The next day the Germans went on to Yatiya (Jatia) where Chüden met on the king of Kapitaï, Alkali Bangali. On 2 January 1885 he finally had the German flag hoisted at Sangaréa Bay in the presence of the King, the German officers and some sailors. Kapitaï was thenceforth considered the property of the house of F. Colin in Stuttgart. The king of Koba, Allie Te Uri, was opposed to French demands for cooperation and willingly agreed with the German representatives to raise the German flag in three of his villages between 4 and 6 January 1885. This raising of the flag was communicated to the neighboring French military post of Boffa.

On 6 January 1885 Emperor Wilhelm I issued an official letter of protection for the Dubréka and Dembia colonies. Colin agreed to pay the cost of building a German colonial administration, but this never happened. As a result of the West Africa Conference, France and Germany began to delineate their spheres of influence and spheres of influence as of February 1885. Bismarck’s aim was to weaken French revanchism and to encourage its colonial ambitions instead, which would have the effect of pitting France against England.

==Agreement with France==
After Nachtigal's death in April 1885 the German ambassador in Paris, Prince Chlodwig zu Hohenlohe-Schillingsfürst, sought an understanding with France. Colin’s interests were not the only ones to be considered: the German firm of Wölber & Brohm was campaigning to round out the borders of Togoland in return for renouncing Kapitaï and Koba and Bismarck placed greater value of good relations with France than on trying to secure Colin’s possessions. On the other hand the ambassador’s cousin Prince Hohenlohe-Langenburg, who sat on the board of Colin's company, tried to persuade him to ask France to renounce its claims on Kapitaï and Koba, otherwise Colin's company would suffer significant losses.

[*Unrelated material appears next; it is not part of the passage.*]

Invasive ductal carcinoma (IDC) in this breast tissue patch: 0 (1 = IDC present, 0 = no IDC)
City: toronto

Negotiations paused in the summer of 1885, but when they resumed in November of the same year, Herbert von Bismarck's threat to Paris that "if necessary, Germany would definitely settle Sangareah Bay" was only a bluff to force a decision.

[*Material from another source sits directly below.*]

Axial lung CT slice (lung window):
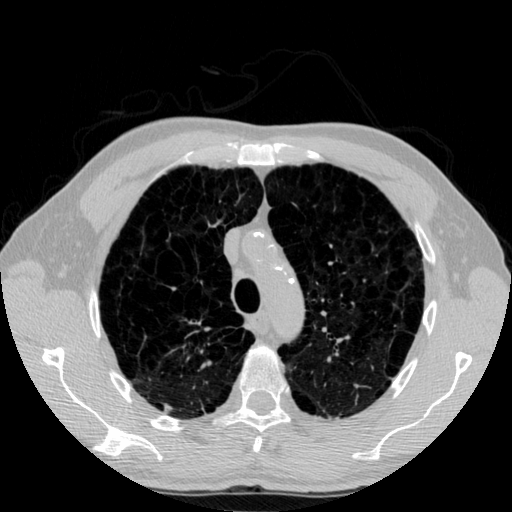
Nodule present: no

In the German-French Protocol of 24 December 1885, Germany finally acknowledged France's sovereignty over the region. In return, the German Empire received Batanga in Cameroon and Anecho in Togo by way of compensation. Colin's "German-African business" fell under French jurisdiction and Prince Hermann zu Hohenlohe-Langenburg withdrew from the company.

==Modern era==
In modern Guinea Koba together with Taboriya forms the subprefecture of Koba-Tatema in Boffa Prefecture. Khabitaye is a 4,900 hectare national park, while Kapitaï’s former administrative centre of Yatiya now falls within the subprefecture of Khorira.